[TASK REQUIREMENTS] Leave out the pictures and give back all the entries exactly as written.

Start of INPUT DATA

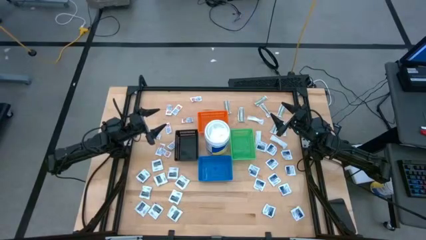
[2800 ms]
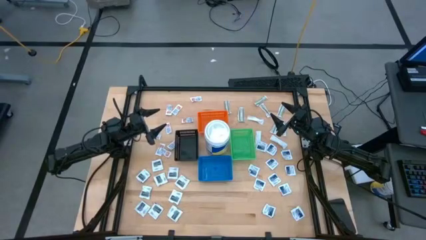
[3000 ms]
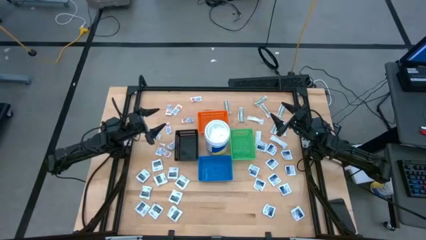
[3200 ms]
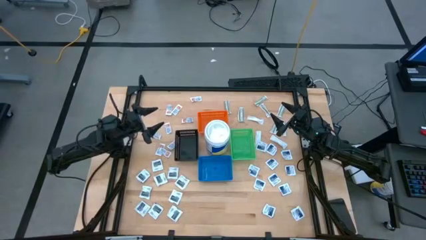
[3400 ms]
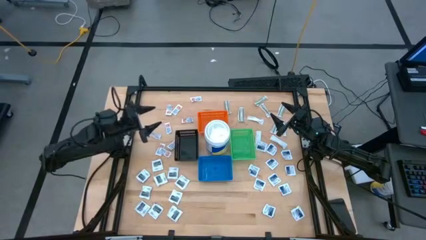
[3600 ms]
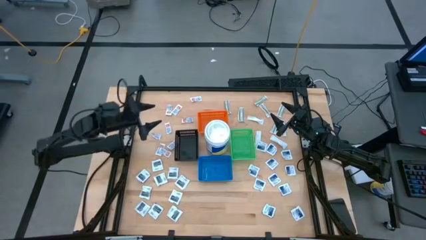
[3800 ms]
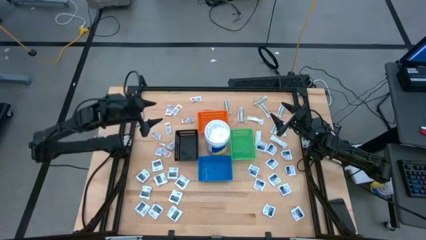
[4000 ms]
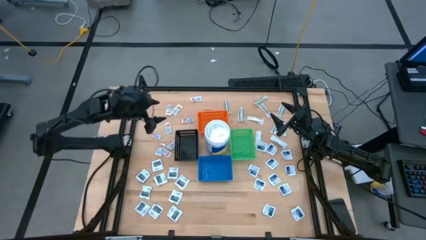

End of INPUT DATA

[EXERCISE OUTPUT]
[2800 ms]
[3000 ms]
[3200 ms]
[3400 ms]
[3600 ms]
[3800 ms]
[4000 ms]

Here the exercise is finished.